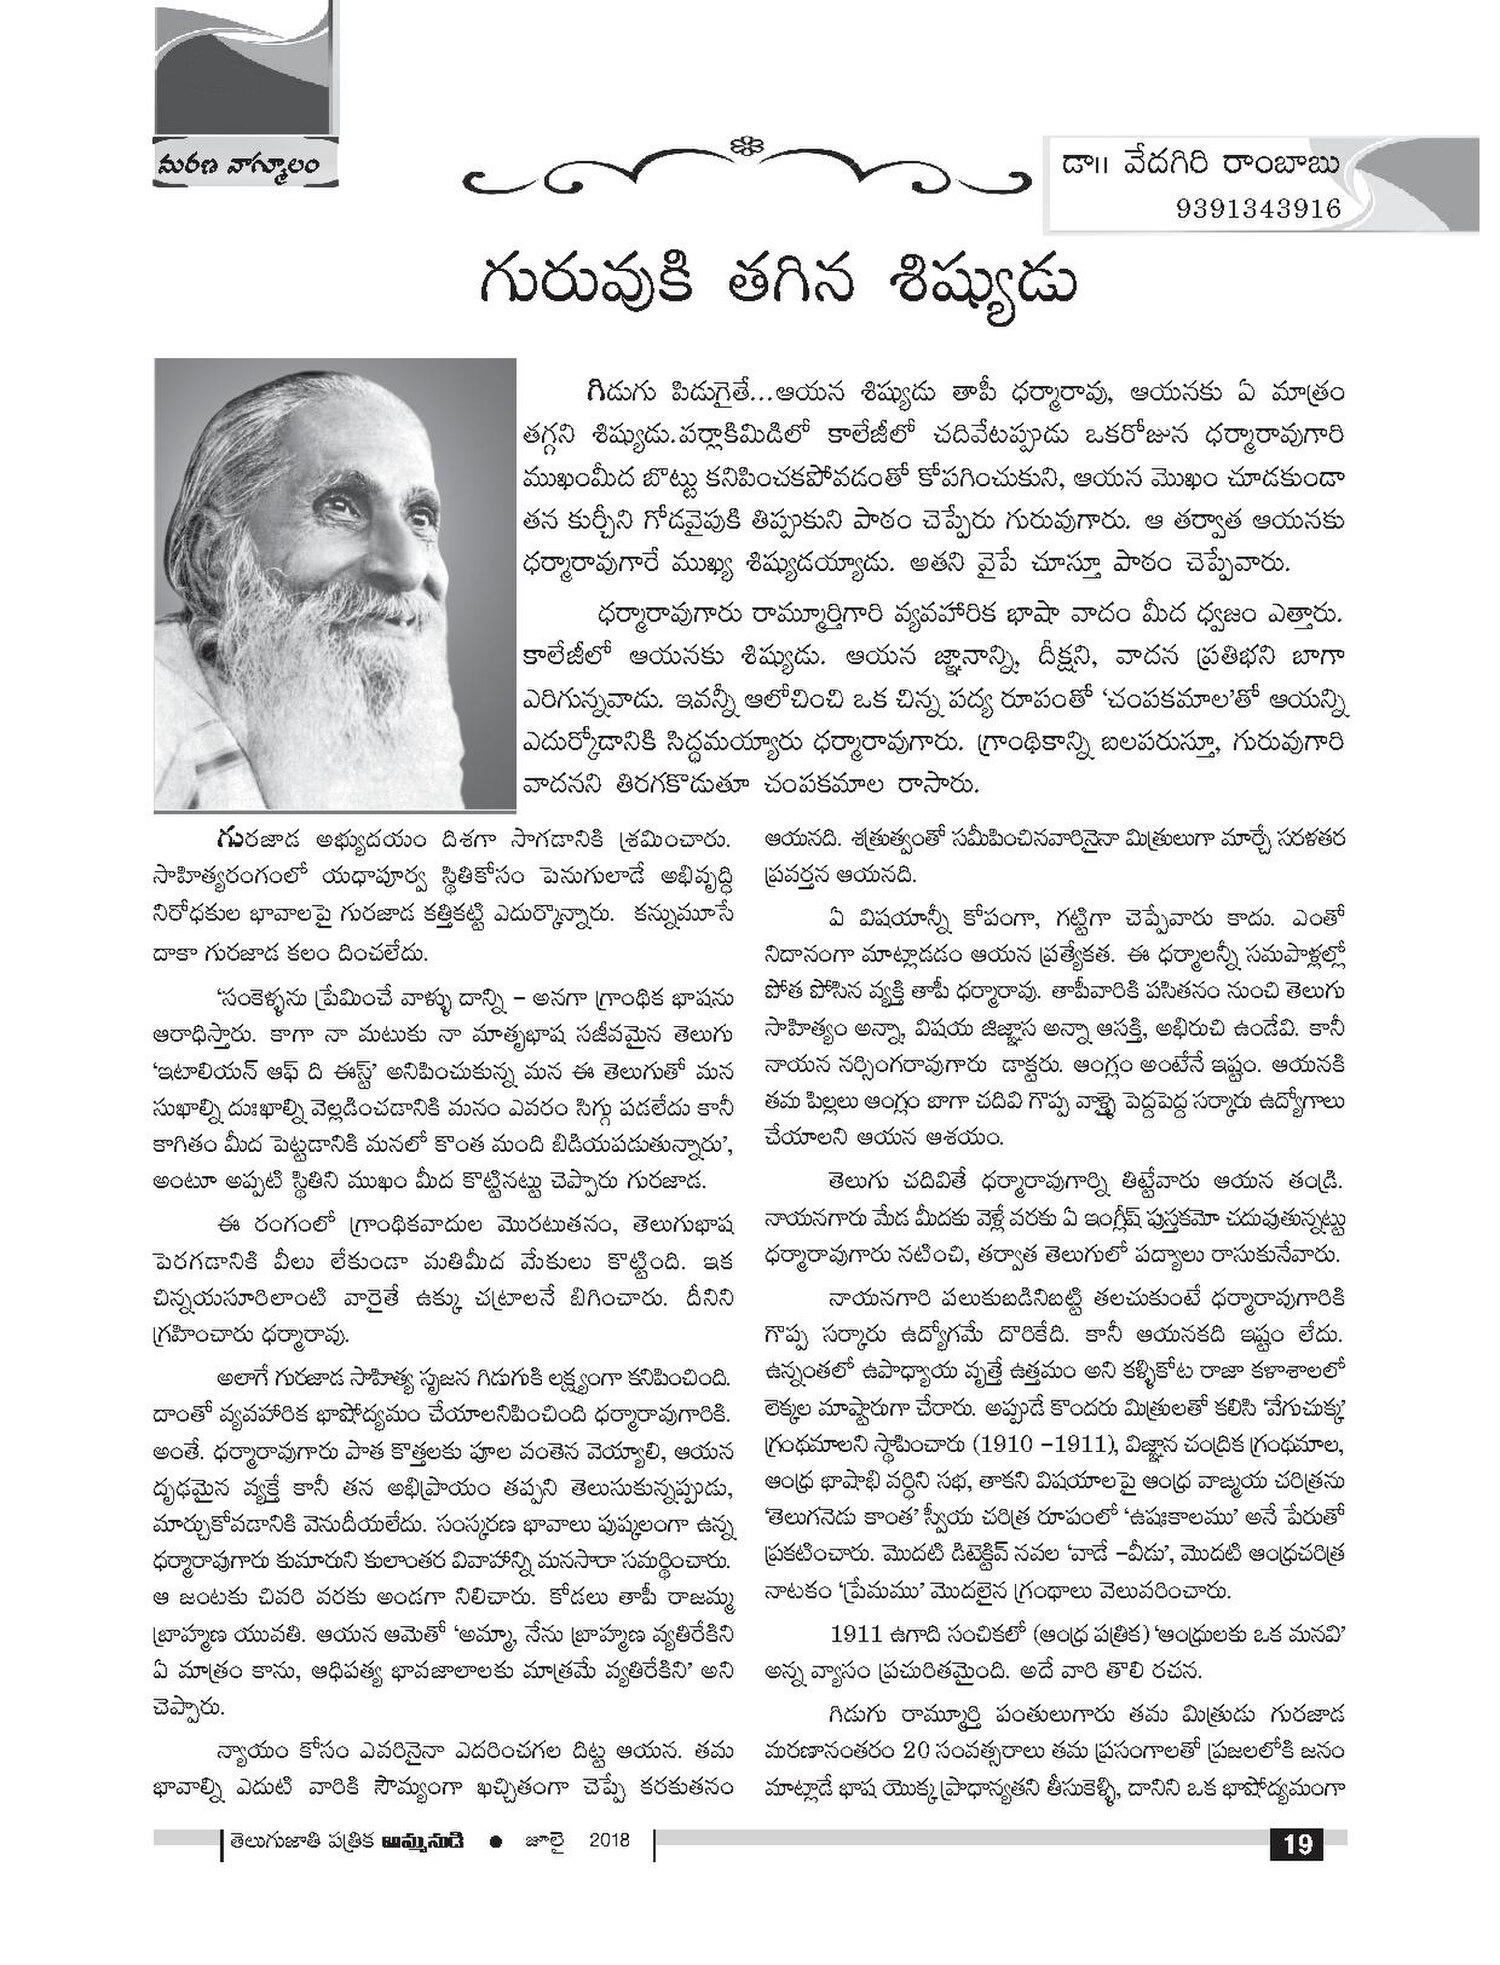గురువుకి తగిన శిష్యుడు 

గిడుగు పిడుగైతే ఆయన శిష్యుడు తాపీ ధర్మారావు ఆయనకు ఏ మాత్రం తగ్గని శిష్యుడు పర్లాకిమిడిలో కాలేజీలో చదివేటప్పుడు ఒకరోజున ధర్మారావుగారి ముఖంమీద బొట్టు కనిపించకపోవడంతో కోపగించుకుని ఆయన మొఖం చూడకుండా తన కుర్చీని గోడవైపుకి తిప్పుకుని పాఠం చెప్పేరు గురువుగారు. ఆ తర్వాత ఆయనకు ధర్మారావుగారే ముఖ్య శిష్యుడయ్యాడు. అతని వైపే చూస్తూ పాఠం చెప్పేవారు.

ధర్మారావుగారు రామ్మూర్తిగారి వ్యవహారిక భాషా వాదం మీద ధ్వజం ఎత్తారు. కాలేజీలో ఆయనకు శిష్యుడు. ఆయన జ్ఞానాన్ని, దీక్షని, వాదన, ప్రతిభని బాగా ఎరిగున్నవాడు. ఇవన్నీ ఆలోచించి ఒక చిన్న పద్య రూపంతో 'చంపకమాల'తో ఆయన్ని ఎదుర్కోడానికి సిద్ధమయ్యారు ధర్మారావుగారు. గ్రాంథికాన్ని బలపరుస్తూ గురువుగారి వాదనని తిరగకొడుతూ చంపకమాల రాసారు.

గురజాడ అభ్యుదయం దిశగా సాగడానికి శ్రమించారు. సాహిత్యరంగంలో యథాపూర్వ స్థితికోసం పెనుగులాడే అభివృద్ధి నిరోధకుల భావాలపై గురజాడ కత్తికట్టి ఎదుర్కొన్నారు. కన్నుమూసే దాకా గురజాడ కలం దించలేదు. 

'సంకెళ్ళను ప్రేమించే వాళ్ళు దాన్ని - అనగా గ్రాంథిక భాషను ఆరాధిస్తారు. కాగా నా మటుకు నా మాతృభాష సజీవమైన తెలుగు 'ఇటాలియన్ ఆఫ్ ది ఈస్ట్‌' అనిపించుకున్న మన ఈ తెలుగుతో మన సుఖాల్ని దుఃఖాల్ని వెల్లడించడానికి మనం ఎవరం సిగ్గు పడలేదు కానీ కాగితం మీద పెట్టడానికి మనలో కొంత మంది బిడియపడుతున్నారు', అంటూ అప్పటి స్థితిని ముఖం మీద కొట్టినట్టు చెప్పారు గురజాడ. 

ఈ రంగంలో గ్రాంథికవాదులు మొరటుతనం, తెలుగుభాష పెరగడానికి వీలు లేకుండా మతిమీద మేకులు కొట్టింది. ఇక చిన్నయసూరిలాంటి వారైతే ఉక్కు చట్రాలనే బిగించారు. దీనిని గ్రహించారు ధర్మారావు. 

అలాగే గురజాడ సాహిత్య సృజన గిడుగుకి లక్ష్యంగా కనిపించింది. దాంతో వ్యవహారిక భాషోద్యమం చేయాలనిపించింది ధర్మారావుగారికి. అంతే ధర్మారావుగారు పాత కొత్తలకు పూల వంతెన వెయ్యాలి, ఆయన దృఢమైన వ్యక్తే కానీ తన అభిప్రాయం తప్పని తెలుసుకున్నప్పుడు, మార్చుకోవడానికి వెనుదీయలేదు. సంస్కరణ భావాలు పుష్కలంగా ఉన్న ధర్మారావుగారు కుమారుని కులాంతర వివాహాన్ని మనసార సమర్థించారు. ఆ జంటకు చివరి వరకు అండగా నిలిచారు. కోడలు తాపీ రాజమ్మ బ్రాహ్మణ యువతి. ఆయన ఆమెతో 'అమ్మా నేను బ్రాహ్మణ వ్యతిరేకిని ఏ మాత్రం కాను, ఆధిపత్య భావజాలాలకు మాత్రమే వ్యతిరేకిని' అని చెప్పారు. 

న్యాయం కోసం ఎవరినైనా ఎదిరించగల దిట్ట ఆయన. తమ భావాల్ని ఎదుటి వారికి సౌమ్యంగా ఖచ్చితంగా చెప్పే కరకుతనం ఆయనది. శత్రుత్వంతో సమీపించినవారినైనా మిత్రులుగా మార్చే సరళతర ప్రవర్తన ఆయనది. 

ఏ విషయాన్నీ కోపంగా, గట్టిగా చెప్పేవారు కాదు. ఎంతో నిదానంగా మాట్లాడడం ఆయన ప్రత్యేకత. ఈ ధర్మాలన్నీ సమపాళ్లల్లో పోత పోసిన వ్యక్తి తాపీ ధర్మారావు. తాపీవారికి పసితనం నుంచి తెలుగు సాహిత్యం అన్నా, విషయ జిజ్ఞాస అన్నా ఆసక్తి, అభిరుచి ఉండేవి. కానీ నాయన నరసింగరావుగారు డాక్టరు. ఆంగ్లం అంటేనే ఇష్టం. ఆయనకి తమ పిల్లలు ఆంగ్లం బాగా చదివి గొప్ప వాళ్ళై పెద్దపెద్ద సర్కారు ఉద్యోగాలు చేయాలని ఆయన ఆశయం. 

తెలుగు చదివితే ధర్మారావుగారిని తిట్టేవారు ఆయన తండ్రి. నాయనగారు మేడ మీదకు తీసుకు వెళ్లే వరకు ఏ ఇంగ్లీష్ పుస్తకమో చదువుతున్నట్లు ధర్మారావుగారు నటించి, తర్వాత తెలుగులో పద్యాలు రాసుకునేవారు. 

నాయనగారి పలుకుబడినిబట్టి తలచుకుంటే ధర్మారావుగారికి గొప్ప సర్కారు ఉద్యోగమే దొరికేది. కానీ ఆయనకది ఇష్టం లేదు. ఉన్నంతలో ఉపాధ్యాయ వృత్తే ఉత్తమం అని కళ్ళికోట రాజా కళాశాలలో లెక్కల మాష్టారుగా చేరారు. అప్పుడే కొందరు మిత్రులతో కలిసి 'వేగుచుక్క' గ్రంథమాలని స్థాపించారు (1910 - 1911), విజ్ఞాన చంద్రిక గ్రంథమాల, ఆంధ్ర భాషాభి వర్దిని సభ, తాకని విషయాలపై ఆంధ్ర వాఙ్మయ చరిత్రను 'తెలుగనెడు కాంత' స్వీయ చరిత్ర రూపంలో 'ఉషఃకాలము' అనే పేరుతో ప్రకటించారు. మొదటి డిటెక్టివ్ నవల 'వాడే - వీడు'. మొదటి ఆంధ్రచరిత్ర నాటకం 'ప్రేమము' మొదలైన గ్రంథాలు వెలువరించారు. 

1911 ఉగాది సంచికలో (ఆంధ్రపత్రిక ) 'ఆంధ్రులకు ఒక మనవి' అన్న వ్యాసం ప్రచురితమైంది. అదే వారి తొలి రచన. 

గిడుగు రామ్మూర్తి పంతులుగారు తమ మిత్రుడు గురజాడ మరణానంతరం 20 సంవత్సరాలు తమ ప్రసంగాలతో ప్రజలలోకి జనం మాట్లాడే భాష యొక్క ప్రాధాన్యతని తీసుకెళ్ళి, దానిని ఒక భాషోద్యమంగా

^^^^^^^^

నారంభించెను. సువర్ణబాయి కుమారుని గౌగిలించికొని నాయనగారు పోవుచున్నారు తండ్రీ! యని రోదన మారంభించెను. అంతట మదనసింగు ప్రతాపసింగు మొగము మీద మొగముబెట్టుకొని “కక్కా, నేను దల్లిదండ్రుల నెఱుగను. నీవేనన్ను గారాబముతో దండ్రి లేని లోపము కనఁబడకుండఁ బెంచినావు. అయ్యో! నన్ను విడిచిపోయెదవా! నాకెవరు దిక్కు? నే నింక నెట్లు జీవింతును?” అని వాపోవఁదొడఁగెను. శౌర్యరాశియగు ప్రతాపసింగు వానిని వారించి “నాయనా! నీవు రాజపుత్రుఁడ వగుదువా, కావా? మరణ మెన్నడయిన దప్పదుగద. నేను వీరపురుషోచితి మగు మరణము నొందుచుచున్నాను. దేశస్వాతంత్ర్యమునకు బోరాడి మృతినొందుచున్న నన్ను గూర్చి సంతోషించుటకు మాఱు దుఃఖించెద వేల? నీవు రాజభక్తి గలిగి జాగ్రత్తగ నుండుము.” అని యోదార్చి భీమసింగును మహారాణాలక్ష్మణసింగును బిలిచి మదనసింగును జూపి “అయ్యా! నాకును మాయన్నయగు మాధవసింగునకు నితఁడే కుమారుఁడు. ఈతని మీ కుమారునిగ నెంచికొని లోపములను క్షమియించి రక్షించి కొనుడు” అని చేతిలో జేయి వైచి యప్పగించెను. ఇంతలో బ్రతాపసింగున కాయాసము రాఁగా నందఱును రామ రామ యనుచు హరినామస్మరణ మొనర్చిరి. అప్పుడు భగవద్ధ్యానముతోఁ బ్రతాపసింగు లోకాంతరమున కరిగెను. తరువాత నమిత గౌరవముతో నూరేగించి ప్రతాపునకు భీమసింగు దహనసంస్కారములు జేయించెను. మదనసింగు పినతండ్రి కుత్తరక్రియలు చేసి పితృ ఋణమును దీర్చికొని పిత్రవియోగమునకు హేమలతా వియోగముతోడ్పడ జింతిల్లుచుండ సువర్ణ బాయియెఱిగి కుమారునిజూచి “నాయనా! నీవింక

^^^^^^^^

TASK INSTRUCTIONS: Whatever else the listing above holds, retype exactly only the lines from the one containing "అలాగే గురజాడ సాహిత్య" to the one containing "న్యాయం కోసం ఎవరినైనా", both ends kept.

ANSWER BOX:
అలాగే గురజాడ సాహిత్య సృజన గిడుగుకి లక్ష్యంగా కనిపించింది. దాంతో వ్యవహారిక భాషోద్యమం చేయాలనిపించింది ధర్మారావుగారికి. అంతే ధర్మారావుగారు పాత కొత్తలకు పూల వంతెన వెయ్యాలి, ఆయన దృఢమైన వ్యక్తే కానీ తన అభిప్రాయం తప్పని తెలుసుకున్నప్పుడు, మార్చుకోవడానికి వెనుదీయలేదు. సంస్కరణ భావాలు పుష్కలంగా ఉన్న ధర్మారావుగారు కుమారుని కులాంతర వివాహాన్ని మనసార సమర్థించారు. ఆ జంటకు చివరి వరకు అండగా నిలిచారు. కోడలు తాపీ రాజమ్మ బ్రాహ్మణ యువతి. ఆయన ఆమెతో 'అమ్మా నేను బ్రాహ్మణ వ్యతిరేకిని ఏ మాత్రం కాను, ఆధిపత్య భావజాలాలకు మాత్రమే వ్యతిరేకిని' అని చెప్పారు. 

న్యాయం కోసం ఎవరినైనా ఎదిరించగల దిట్ట ఆయన. తమ భావాల్ని ఎదుటి వారికి సౌమ్యంగా ఖచ్చితంగా చెప్పే కరకుతనం ఆయనది. శత్రుత్వంతో సమీపించినవారినైనా మిత్రులుగా మార్చే సరళతర ప్రవర్తన ఆయనది. 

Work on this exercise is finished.